How war in Ukraine and repression at home steered the diehard football ultras of Belarus towards protest, prison and exile. The regime finally came for Andrei during the morning shift. An officer from the state security service showed up on the factory floor, asking after him. News of the visit travelled up the assembly line, reaching the young man with the buzz-cut who was fitting together drivers’ cabins for the military trucks. He grabbed his phone and frantically began wiping the data. After the endless pitched battles on stadium terraces, the injuries, insults and graffitied walls, it would be a phone call that sealed Andrei’s fate.

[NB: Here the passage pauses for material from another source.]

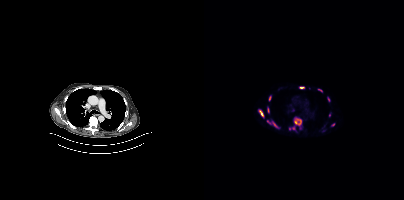
Coordinates are on the 200×200 PET (right) panel. (showing 11 of 13 foci) PSMA-avid tumor lesion bounding boxes (x0,y0,x1,y1): [90,118,97,125]; [55,109,59,116]; [69,122,73,127]; [63,107,65,112]; [65,96,67,100]; [96,87,100,88]; [114,89,118,91]. Small PSMA-avid foci (2 to 4 px across) near (center x, center y): (89, 127); (124, 99); (129, 124); (85, 128).

Factory worker by week and a leader of the Torpedo Minsk ultras by weekend, Andrei had called his best friend the previous night to discuss the anti-government protests sweeping Belarus. Little did he know that the security services were listening in. He was picked up at his workplace the very next day and bundled away to the police headquarters, ahead of a surprise visit to the factory by none other than President Alexander Lukashenko himself – the target of the protestors’ fury. (…) In Belarus, a smaller ultra movement would be inspired by tales of Ukrainian football hooligans making history. Like the Ukrainians, the Belarusian ultras opposed Moscow’s influence over their country, on nationalist grounds. They would look to Ukraine as a model for confronting Russia. Meanwhile, Russia would end up using the client state of Belarus as a launchpad for its ambitions in Ukraine. “The fight for Ukraine is also the fight for Belarus,” said Zmicier Mickiewicz, a supporter of Slavia, a club from the southern city of Mazyr, who now lives in exile in Warsaw. “The West should look at a map. Had Putin been denied free entry into Belarus, Russian troops would not have reached the gates of Kyiv.” Vladimir Putin’s Russia has promoted nationalism at home and abroad as an alternative to liberal democracy. Yet along Russia’s western flank, in countries such as Belarus and Ukraine, nationalism has also galvanised the resistance to Putin. Nationalism is important, Andrei said, when it means “defending your country so that it is independent, and defending your culture so that it remains distinct from Russian.”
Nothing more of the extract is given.